Without this idea, it is easy to think: “We can deal with quantum risk when quantum computers are ready.”

For short-lived data, that may be reasonable.

02

For long-lived sensitive data, the risk can start earlier. If data is copied now and remains valuable later, the organisation may have a future problem that began before it was visible.

This is also why audits and discovery work matter. Long-lived data rarely stays in one neat place. It can move through cloud platforms, VPNs, SaaS tools, backups, archives, suppliers, and identity systems.

03

If the organisation cannot see where the data moves, it cannot prioritise protection or migration sensibly.

Long-Lived Data Examples

These examples help identify where the timing model may matter most.

Data typeWhy it may be long-lived
Medical recordsSensitive for many years and often hard to replace or withdraw.
Identity documentsUseful for fraud, impersonation, and long-term personal risk.
Legal archivesContracts and disputes can remain relevant for years.
Industrial designsProduct and engineering value may last across long development cycles.
M&A materialSensitive before, during, and after a transaction.
Employee recordsMay contain identity, payroll, health, or legal information.

Practical Example

Situation

Long-lived data across ordinary systems

A company stores confidential legal documents, employee records, and product designs.

It also uses:

VPNs for remote accessTLS connections for web portalscloud storage for shared documentsSaaS platforms for business processessupplier portals for collaborationbackups and long-term archivesidentity systems for access control
What to check

Useful first questions

  • Which data would still be sensitive in ten years?
  • Where is that data copied, synced, backed up, or shared?
  • Which systems protect that data in transit or at rest?
  • Which systems use public-key cryptography?
  • Which systems are controlled by vendors?
  • Which systems would be difficult to upgrade quickly?
Practical outcome

The answer does not need to be perfect at the beginning.

The useful first step is to identify the data and systems that deserve earlier review.

Common Misunderstanding

“We can wait until quantum computers are available.”

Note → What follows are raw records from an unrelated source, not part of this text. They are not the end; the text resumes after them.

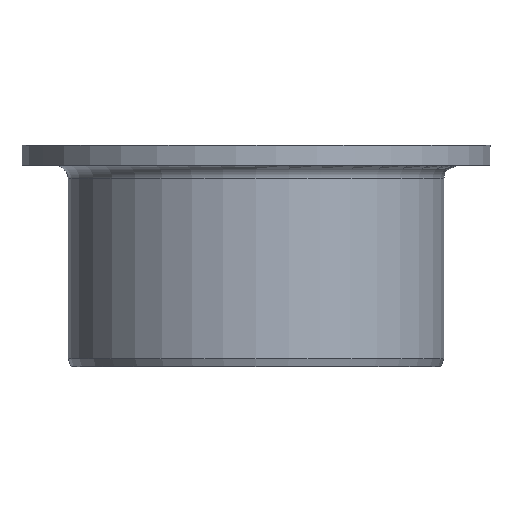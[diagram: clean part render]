
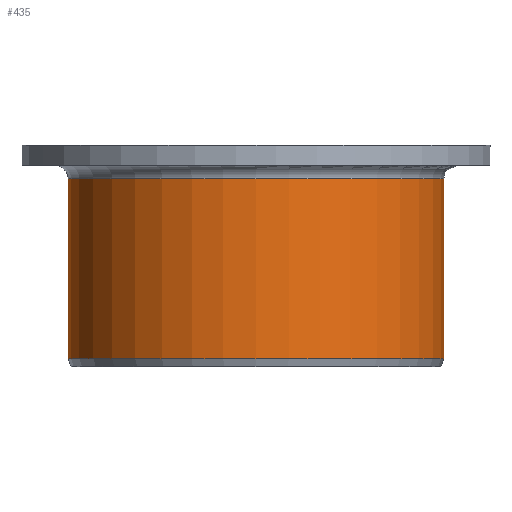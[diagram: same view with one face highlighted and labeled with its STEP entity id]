
A CAD part, left-side view. The second image highlights one B-rep face of the part: STEP entity #435.
In plain terms, the highlighted cylindrical face has radius 14 mm (diameter 28 mm), a partial arc.
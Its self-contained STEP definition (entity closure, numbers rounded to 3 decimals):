
#115=DIRECTION('',(0.,0.,-1.));
#116=VECTOR('',#115,13.4);
#117=CARTESIAN_POINT('',(0.,14.,-2.5));
#118=LINE('',#117,#116);
#119=DIRECTION('',(0.,0.,-1.));
#120=VECTOR('',#119,13.4);
#121=CARTESIAN_POINT('',(0.,-14.,-2.5));
#122=LINE('',#121,#120);
#145=CARTESIAN_POINT('',(0.,0.,-2.5));
#146=DIRECTION('',(0.,0.,-1.));
#147=DIRECTION('',(0.,-1.,0.));
#148=AXIS2_PLACEMENT_3D('',#145,#146,#147);
#150=CARTESIAN_POINT('',(0.,0.,-15.9));
#151=DIRECTION('',(0.,0.,-1.));
#152=DIRECTION('',(0.,-1.,0.));
#153=AXIS2_PLACEMENT_3D('',#150,#151,#152);
#214=CARTESIAN_POINT('',(0.,-14.,-2.5));
#215=CARTESIAN_POINT('',(0.,-14.,-15.9));
#216=VERTEX_POINT('',#214);
#217=VERTEX_POINT('',#215);
#226=CARTESIAN_POINT('',(0.,14.,-2.5));
#227=CARTESIAN_POINT('',(0.,14.,-15.9));
#228=VERTEX_POINT('',#226);
#229=VERTEX_POINT('',#227);
#423=CARTESIAN_POINT('',(0.,0.,0.825));
#424=DIRECTION('',(0.,0.,-1.));
#425=DIRECTION('',(0.,-1.,0.));
#426=AXIS2_PLACEMENT_3D('',#423,#424,#425);
#427=CYLINDRICAL_SURFACE('',#426,14.);
#428=ORIENTED_EDGE('',*,*,#391,.T.);
#430=ORIENTED_EDGE('',*,*,#429,.T.);
#431=ORIENTED_EDGE('',*,*,#387,.F.);
#432=ORIENTED_EDGE('',*,*,#372,.F.);
#433=EDGE_LOOP('',(#428,#430,#431,#432));
#434=FACE_OUTER_BOUND('',#433,.F.);
#435=ADVANCED_FACE('',(#434),#427,.T.);
#149=CIRCLE('',#148,14.);
#154=CIRCLE('',#153,14.);
#372=EDGE_CURVE('',#216,#228,#149,.T.);
#387=EDGE_CURVE('',#228,#229,#118,.T.);
#391=EDGE_CURVE('',#216,#217,#122,.T.);
#429=EDGE_CURVE('',#217,#229,#154,.T.);

For some data, waiting may be acceptable. For long-lived sensitive data and slow-to-change systems, planning needs to start earlier because the data can be copied now and migration can take years.

What to Remember

One-Sentence Summary

Harvest Now, Decrypt Later is the risk that encrypted data stolen today may become readable in the future while it is still sensitive.

Three Key Points

  • The key issue is data confidentiality lifetime.
  • Mosca-style risk thinking connects data lifetime, migration time, and future quantum capability.
  • Readiness starts by finding where long-lived sensitive data moves and which systems protect it.